Related: Blue Yeti X Microphone Review
Tips for Video Conferencing Like a Pro
Now that you’ve got the right gear, it’s time to think about how you present yourself while on-camera. These tips will help you cast an air of professionalism, even if you’re secretly holding a meeting in your bedroom.
Set Up a Professional Space
Start with where you usually take your webcam meetings. Pick out a comfortable space with good seating and then look behind you and consider your audience. If you’re just chatting with coworkers, that Metallica poster is probably fine. But if you’re interviewing for your next job, perhaps it’s best left out of frame.
Similarly, fire up your webcam and take a look at the wall behind you. What can be pleasant and soothing to the eye can be ugly on camera, so get a sense of how it looks, and then consider hanging a neutral tapestry or similar background element behind you.
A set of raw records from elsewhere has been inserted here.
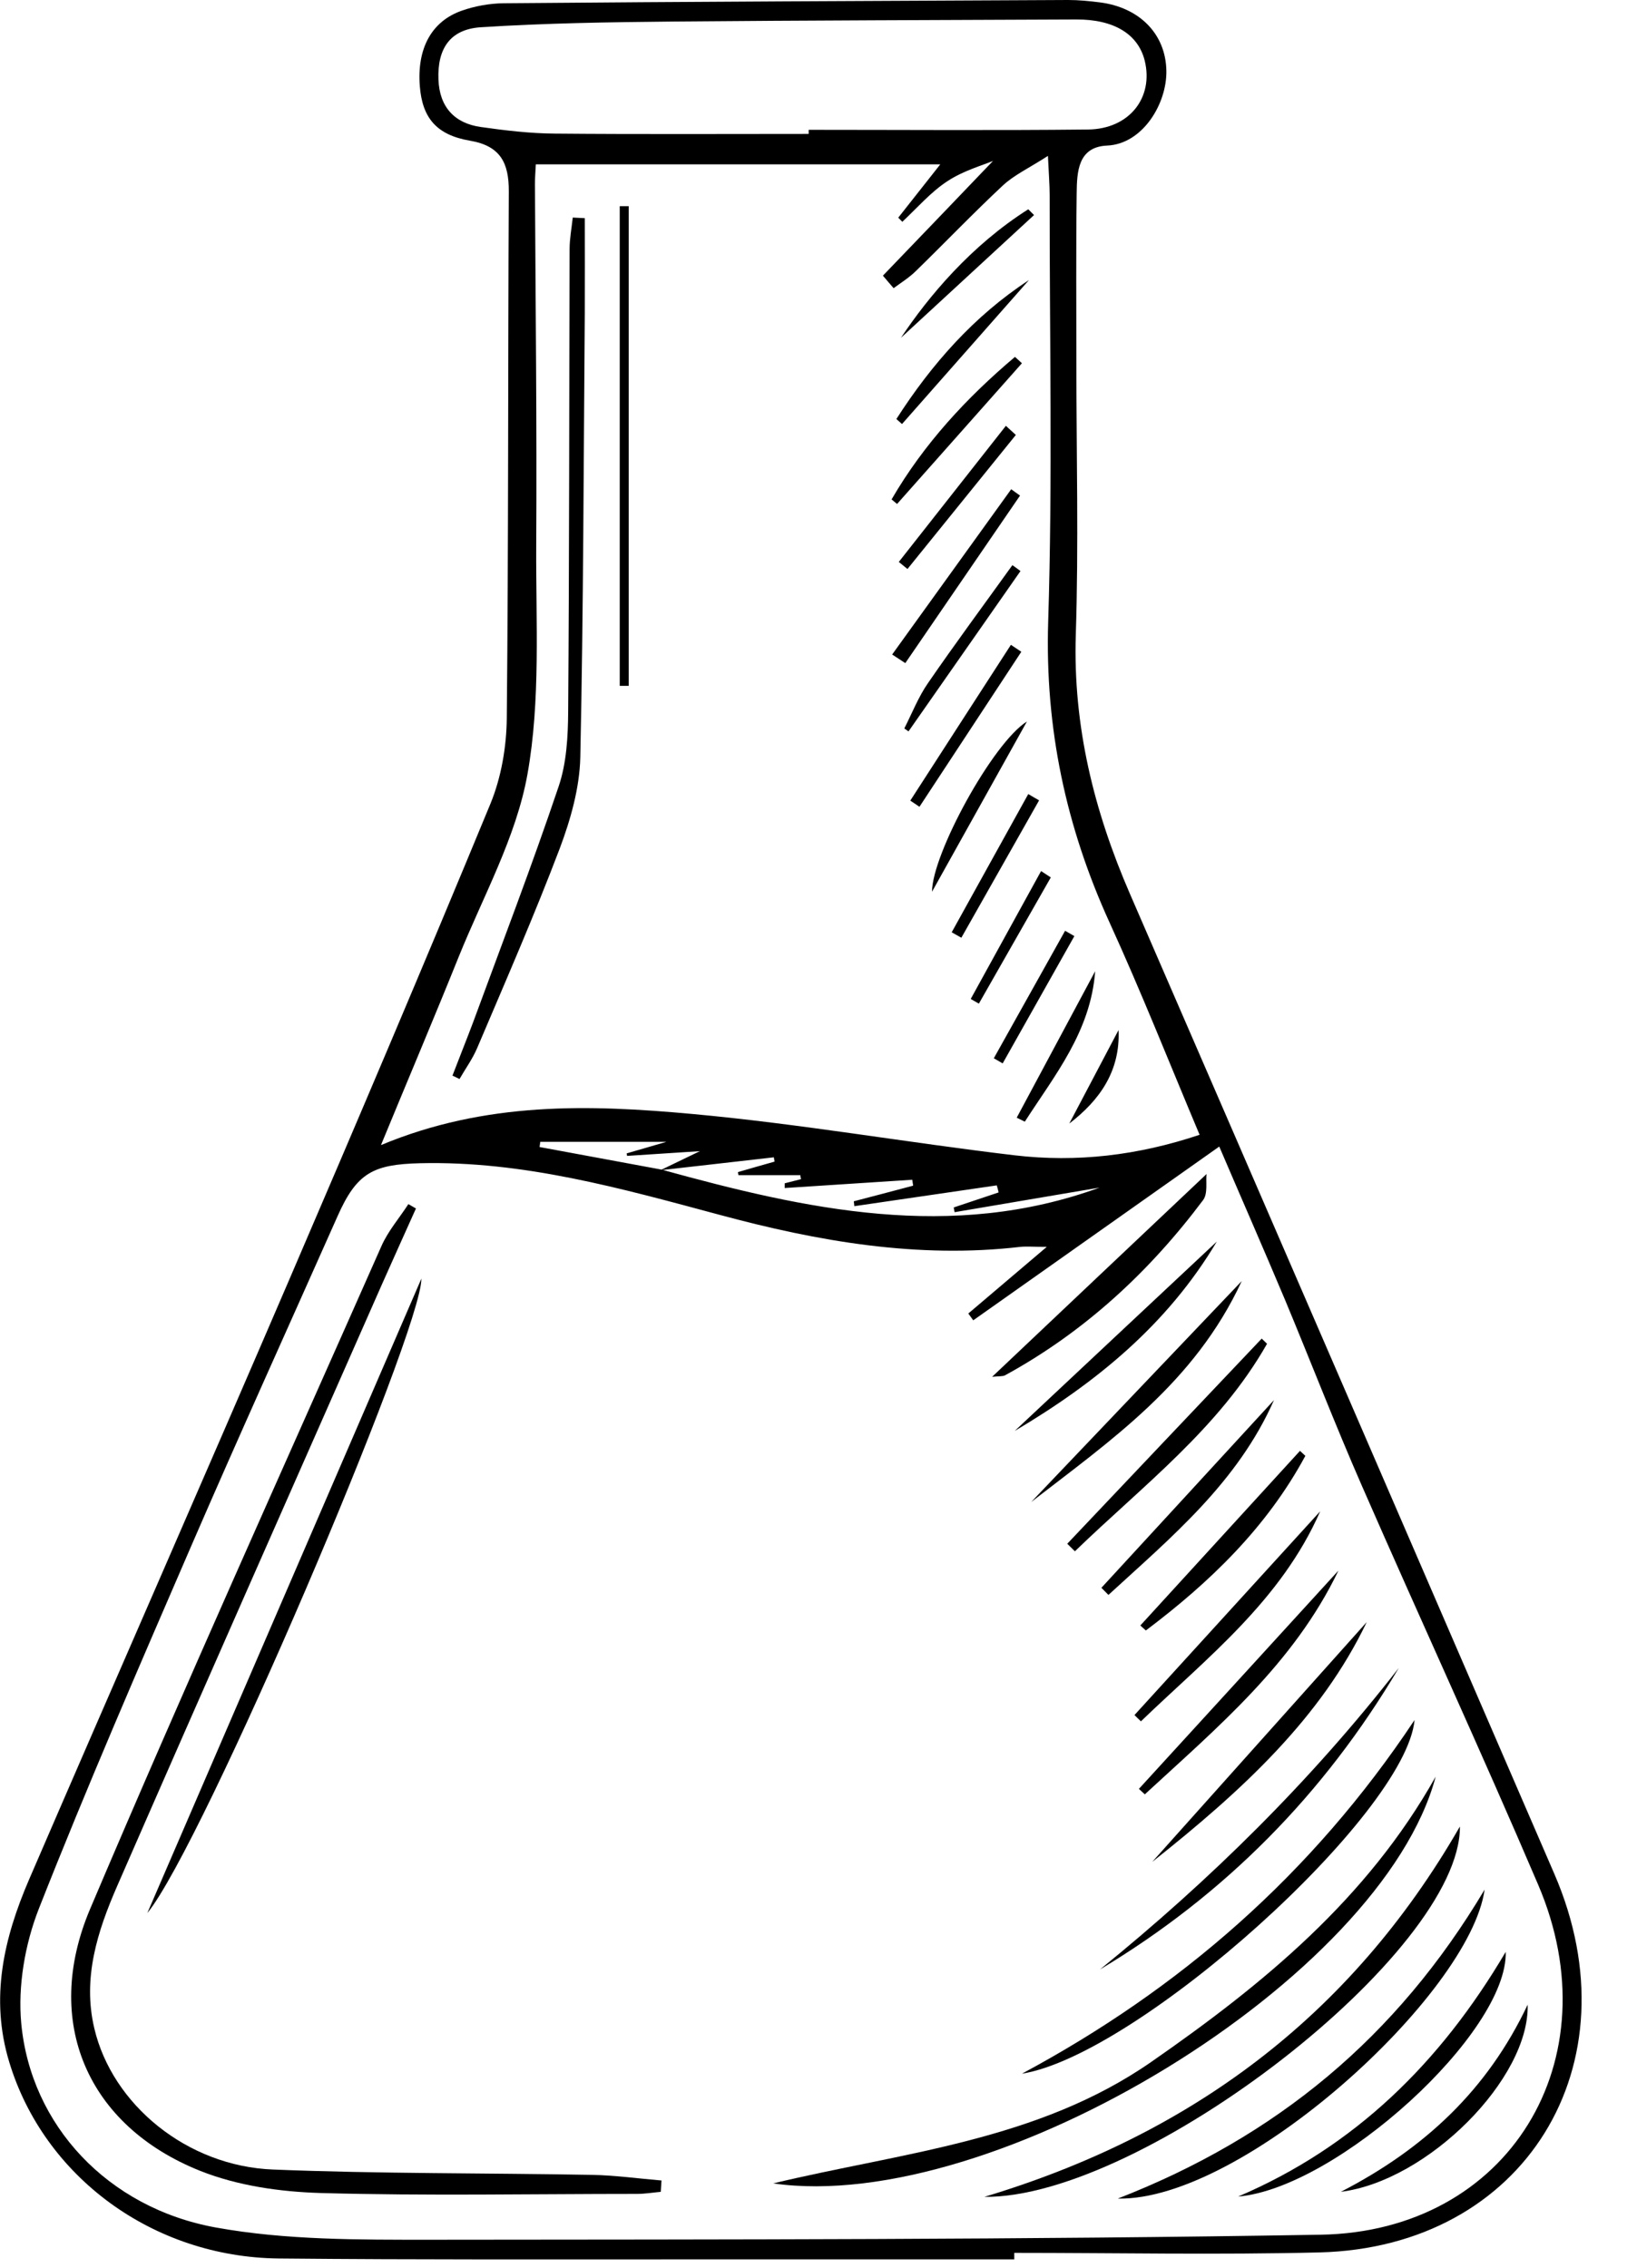 <svg width="33" height="46" viewBox="0 0 33 46" fill="none" xmlns="http://www.w3.org/2000/svg">
<g clip-path="url(#clip0_1359_1037)">
<path d="M20.575 45.827C18.433 45.827 16.291 45.827 14.149 45.827C11.319 45.827 8.485 45.836 5.655 45.809C3.094 45.782 0.891 44.146 0.188 41.827C-0.208 40.526 0.079 39.309 0.589 38.124C2.338 34.073 4.114 30.032 5.857 25.978C7.24 22.762 8.611 19.538 9.948 16.301C10.167 15.768 10.273 15.149 10.279 14.569C10.314 11.009 10.302 7.446 10.32 3.883C10.323 3.3 10.147 2.959 9.534 2.854C8.846 2.737 8.565 2.384 8.515 1.747C8.456 0.99 8.746 0.437 9.362 0.218C9.631 0.123 9.93 0.069 10.217 0.066C14.035 0.033 17.85 0.018 21.665 0C21.879 0 22.093 0.021 22.306 0.048C23.112 0.15 23.642 0.688 23.657 1.43C23.672 2.1 23.177 2.923 22.453 2.953C21.864 2.98 21.843 3.482 21.838 3.922C21.823 5.077 21.832 6.231 21.832 7.383C21.832 9.214 21.879 11.045 21.82 12.876C21.762 14.733 22.192 16.456 22.919 18.132C25.793 24.755 28.662 31.384 31.527 38.01C33.2 41.881 30.918 45.582 26.763 45.686C24.7 45.737 22.635 45.695 20.572 45.695C20.572 45.737 20.572 45.782 20.572 45.824L20.575 45.827ZM13.402 23.732C13.622 23.627 13.842 23.519 14.196 23.349C13.616 23.388 13.168 23.415 12.719 23.445L12.711 23.394C12.954 23.325 13.194 23.253 13.516 23.16H10.958C10.953 23.196 10.95 23.229 10.944 23.265L13.417 23.723C16.353 24.533 19.294 25.183 22.303 24.088C21.322 24.255 20.343 24.42 19.362 24.587C19.356 24.554 19.35 24.524 19.344 24.491C19.649 24.39 19.954 24.288 20.255 24.186C20.244 24.139 20.232 24.091 20.217 24.043C19.253 24.183 18.289 24.324 17.328 24.465C17.325 24.432 17.322 24.399 17.317 24.366C17.718 24.261 18.119 24.157 18.521 24.049C18.515 24.01 18.509 23.968 18.503 23.929C17.642 23.986 16.777 24.04 15.916 24.097V24.001C16.024 23.974 16.136 23.944 16.247 23.917C16.241 23.89 16.235 23.863 16.233 23.836H14.978L14.967 23.774C15.216 23.702 15.462 23.63 15.711 23.561C15.705 23.531 15.699 23.504 15.696 23.474C14.931 23.561 14.167 23.648 13.402 23.735V23.732ZM21.228 25.29C20.953 25.29 20.824 25.278 20.698 25.29C18.615 25.533 16.59 25.18 14.586 24.638C12.593 24.103 10.61 23.543 8.515 23.594C7.571 23.618 7.237 23.788 6.848 24.665C5.86 26.888 4.855 29.104 3.888 31.336C2.828 33.786 1.764 36.236 0.785 38.722C0.507 39.434 0.36 40.281 0.431 41.041C0.624 43.102 2.18 44.783 4.38 45.181C5.802 45.438 7.281 45.429 8.737 45.429C14.753 45.423 20.768 45.429 26.784 45.327C30.599 45.265 32.723 41.785 31.196 38.223C30.039 35.515 28.805 32.841 27.625 30.142C27.079 28.895 26.59 27.627 26.066 26.37C25.626 25.323 25.169 24.282 24.73 23.256C23.027 24.459 21.384 25.619 19.74 26.78C19.707 26.735 19.672 26.687 19.64 26.642C20.132 26.224 20.625 25.805 21.228 25.293V25.29ZM10.868 3.333C10.859 3.497 10.85 3.614 10.85 3.73C10.862 6.177 10.891 8.625 10.876 11.072C10.868 12.621 10.967 14.201 10.698 15.706C10.469 16.983 9.798 18.182 9.303 19.409C8.805 20.647 8.283 21.877 7.727 23.226C9.854 22.338 11.957 22.404 14.044 22.595C16.23 22.795 18.398 23.175 20.578 23.433C21.838 23.582 23.083 23.436 24.331 23.017C23.713 21.548 23.147 20.118 22.509 18.721C21.621 16.776 21.193 14.772 21.26 12.609C21.351 9.728 21.287 6.842 21.29 3.955C21.29 3.745 21.272 3.539 21.255 3.162C20.871 3.41 20.572 3.548 20.343 3.76C19.74 4.323 19.168 4.921 18.576 5.498C18.442 5.63 18.278 5.732 18.125 5.845C18.052 5.762 17.979 5.675 17.908 5.591C18.676 4.792 19.444 3.994 20.141 3.264C19.93 3.353 19.541 3.461 19.218 3.674C18.878 3.895 18.603 4.218 18.301 4.499C18.275 4.472 18.248 4.442 18.219 4.415C18.489 4.074 18.755 3.733 19.072 3.333H10.865H10.868ZM16.402 2.713C16.402 2.686 16.402 2.659 16.402 2.633C18.289 2.633 20.179 2.647 22.066 2.627C22.907 2.618 23.402 1.98 23.218 1.23C23.083 0.688 22.588 0.392 21.832 0.395C19.107 0.407 16.379 0.413 13.654 0.437C12.353 0.449 11.049 0.47 9.748 0.553C9.127 0.595 8.869 0.99 8.893 1.612C8.913 2.172 9.221 2.501 9.751 2.576C10.252 2.647 10.756 2.707 11.26 2.71C12.974 2.725 14.688 2.716 16.399 2.716L16.402 2.713Z" fill="black"/>
<path d="M8.436 24.513C8.207 25.024 7.975 25.536 7.747 26.05C5.954 30.119 4.155 34.181 2.376 38.256C1.978 39.168 1.67 40.119 1.913 41.142C2.277 42.689 3.794 43.937 5.538 44.005C7.694 44.092 9.854 44.074 12.01 44.113C12.479 44.122 12.948 44.188 13.417 44.227C13.411 44.304 13.408 44.379 13.402 44.457C13.241 44.472 13.08 44.499 12.921 44.499C10.78 44.499 8.641 44.541 6.502 44.481C5.681 44.457 4.82 44.334 4.061 44.032C1.776 43.12 0.855 41.014 1.828 38.719C3.739 34.214 5.755 29.754 7.735 25.278C7.87 24.97 8.099 24.707 8.283 24.423C8.336 24.453 8.386 24.483 8.438 24.513H8.436Z" fill="black"/>
<path d="M29.119 36.036C28.032 40.131 20.162 44.932 15.682 44.286C18.301 43.658 21.044 43.425 23.352 41.821C25.614 40.251 27.727 38.519 29.119 36.036Z" fill="black"/>
<path d="M2.988 38.803C4.834 34.531 6.677 30.259 8.547 25.934C8.552 27.011 4.119 37.427 2.988 38.803Z" fill="black"/>
<path d="M19.965 44.559C24.1 43.317 27.375 40.936 29.611 37.047C29.631 39.602 23.174 44.594 19.965 44.559Z" fill="black"/>
<path d="M20.727 42.061C23.924 40.347 26.608 38.022 28.691 34.887C28.512 36.808 23.086 41.684 20.727 42.061Z" fill="black"/>
<path d="M30.112 38.327C29.813 40.454 25.21 44.648 22.672 44.594C25.887 43.341 28.327 41.325 30.112 38.327Z" fill="black"/>
<path d="M24.472 23.81C24.454 23.965 24.501 24.207 24.404 24.339C23.306 25.805 21.987 27.02 20.384 27.896C20.337 27.92 20.273 27.911 20.123 27.926C21.6 26.529 23.018 25.186 24.472 23.813V23.81Z" fill="black"/>
<path d="M22.312 39.946C24.551 38.13 26.593 36.117 28.371 33.831C26.857 36.392 24.838 38.432 22.312 39.946Z" fill="black"/>
<path d="M25.113 44.553C27.475 43.545 29.212 41.843 30.54 39.59C30.584 41.232 27.117 44.379 25.113 44.553Z" fill="black"/>
<path d="M25.699 27.256C24.724 28.973 23.177 30.133 21.802 31.465C21.75 31.414 21.7 31.363 21.647 31.312C22.963 29.924 24.275 28.536 25.591 27.151L25.699 27.256Z" fill="black"/>
<path d="M27.144 31.863C26.235 33.75 24.691 35.037 23.22 36.395C23.179 36.359 23.141 36.32 23.1 36.284C24.448 34.809 25.796 33.338 27.141 31.863H27.144Z" fill="black"/>
<path d="M25.186 25.984C24.228 28.052 22.529 29.215 20.915 30.466C22.3 29.012 23.689 27.555 25.186 25.984Z" fill="black"/>
<path d="M23.009 34.788C24.266 33.409 25.52 32.033 26.777 30.654C25.983 32.464 24.486 33.618 23.141 34.914C23.097 34.872 23.053 34.83 23.009 34.785V34.788Z" fill="black"/>
<path d="M27.721 32.901C26.795 34.836 25.213 36.305 23.37 37.765C24.914 36.039 26.344 34.441 27.721 32.901Z" fill="black"/>
<path d="M22.338 32.207C23.505 30.938 24.674 29.67 25.84 28.398C25.101 30.071 23.756 31.18 22.482 32.35L22.338 32.204V32.207Z" fill="black"/>
<path d="M24.68 25.183C23.675 26.873 22.221 28.052 20.581 29.024C21.946 27.743 23.314 26.463 24.68 25.183Z" fill="black"/>
<path d="M27.196 44.457C28.89 43.583 30.17 42.39 30.985 40.661C31.026 42.156 28.966 44.233 27.196 44.457Z" fill="black"/>
<path d="M23.129 32.97C24.208 31.788 25.289 30.606 26.367 29.428L26.476 29.529C25.69 30.986 24.536 32.096 23.241 33.071C23.203 33.038 23.165 33.003 23.129 32.97Z" fill="black"/>
<path d="M9.177 21.817C9.314 21.458 9.458 21.102 9.593 20.743C10.179 19.149 10.788 17.563 11.33 15.954C11.492 15.478 11.521 14.937 11.524 14.425C11.547 11.302 11.544 8.179 11.553 5.056C11.553 4.84 11.594 4.628 11.617 4.413L11.861 4.425C11.861 5.068 11.864 5.711 11.861 6.357C11.837 9.361 11.834 12.361 11.77 15.364C11.755 15.984 11.573 16.624 11.354 17.207C10.835 18.574 10.249 19.915 9.678 21.258C9.584 21.479 9.44 21.677 9.32 21.886C9.273 21.862 9.224 21.838 9.177 21.817Z" fill="black"/>
<path d="M12.57 13.911V4.182C12.631 4.182 12.69 4.182 12.752 4.182V13.911C12.69 13.911 12.631 13.911 12.57 13.911Z" fill="black"/>
<path d="M18.093 13.279C18.898 12.161 19.704 11.042 20.51 9.923C20.569 9.965 20.627 10.01 20.689 10.052C19.912 11.185 19.136 12.319 18.362 13.45L18.096 13.276L18.093 13.279Z" fill="black"/>
<path d="M18.274 6.851C18.834 6.01 19.698 4.978 20.856 4.245C20.894 4.284 20.935 4.323 20.973 4.362C19.986 5.271 18.998 6.184 18.274 6.851Z" fill="black"/>
<path d="M18.084 10.129C18.737 9.004 19.605 8.068 20.586 7.239C20.633 7.281 20.68 7.323 20.727 7.368C19.883 8.319 19.039 9.271 18.195 10.222C18.157 10.192 18.119 10.159 18.084 10.129Z" fill="black"/>
<path d="M20.829 14.634C20.205 15.753 19.581 16.872 18.904 18.087C18.904 17.327 20.132 15.071 20.829 14.634Z" fill="black"/>
<path d="M18.462 16.241C19.142 15.188 19.822 14.132 20.504 13.079L20.715 13.22C20.027 14.267 19.338 15.317 18.649 16.364C18.588 16.322 18.523 16.28 18.462 16.238V16.241Z" fill="black"/>
<path d="M18.342 14.775C18.5 14.464 18.629 14.132 18.825 13.851C19.379 13.046 19.962 12.259 20.534 11.463C20.589 11.502 20.645 11.541 20.698 11.583C19.942 12.666 19.183 13.752 18.427 14.835C18.398 14.814 18.371 14.796 18.342 14.775Z" fill="black"/>
<path d="M20.867 5.684C20.009 6.656 19.153 7.629 18.295 8.601C18.257 8.568 18.219 8.532 18.181 8.499C18.893 7.389 19.754 6.411 20.865 5.684H20.867Z" fill="black"/>
<path d="M20.622 22.67L22.213 19.699C22.122 20.923 21.395 21.805 20.786 22.751C20.73 22.724 20.677 22.697 20.622 22.67Z" fill="black"/>
<path d="M20.604 8.822C19.871 9.729 19.139 10.635 18.406 11.541C18.348 11.494 18.289 11.446 18.23 11.398C18.954 10.476 19.678 9.558 20.402 8.637L20.604 8.822Z" fill="black"/>
<path d="M21.075 16.235C20.551 17.162 20.023 18.093 19.499 19.02C19.435 18.984 19.367 18.945 19.303 18.91C19.821 17.976 20.337 17.04 20.856 16.106C20.929 16.148 21.002 16.193 21.078 16.235H21.075Z" fill="black"/>
<path d="M20.156 21.467C20.639 20.605 21.12 19.744 21.603 18.879C21.665 18.915 21.729 18.951 21.791 18.987L20.337 21.569C20.276 21.533 20.217 21.5 20.156 21.464V21.467Z" fill="black"/>
<path d="M21.313 17.797C20.826 18.649 20.34 19.502 19.854 20.357C19.798 20.324 19.742 20.294 19.689 20.262L21.116 17.668C21.181 17.71 21.248 17.755 21.313 17.797Z" fill="black"/>
<path d="M21.688 22.789L22.687 20.893C22.725 21.73 22.297 22.323 21.688 22.789Z" fill="black"/>
</g>
<defs>
<clipPath id="clip0_1359_1037">
<rect width="32.081" height="45.83" fill="white"/>
</clipPath>
</defs>
</svg>

And don’t forget sound: lay tablecloths or towels over hard, reflective surfaces like desks to reduce echoes.
Light Yourself Right
Have you ever opened a webcam and wondered why you look blue? Blame your laptop. All light has what’s called a “color temperature.” If you have two different temperatures, your camera will correct for one, leaving in the color of the other; this leads to the blue tint seen on webcams in dimly lit rooms.
Angle of light also matters. Light coming at a downward angle tends to put shadows over our eyes, for example.
While you don’t need to set up a professional lighting rig in your house, some basic light control will go a long way. If you have light streaming through your windows, for example, try to sit so the light hits you from the side and turn down the brightness on your monitor. If it’s night, place a lamp next to you out of frame. Use diffused light — such as a lamp with a shade — to soften shadows (which are exacerbated by direct light).
Get The Right Angle
Webcams in laptops aren’t placed to make you look good; over the monitor, dead-center, is simply the most convenient place to put them. As a result, some of us have a camera that aims straight up the nose, while others have it looking at their forehead.
Sit down with your phone in selfie mode, hold it steady, and sit comfortably. Then move it up and down, and rotate it up or down as you move it, until you find an angle that looks good to you. Have somebody else measure the height, so you know where to place your camera.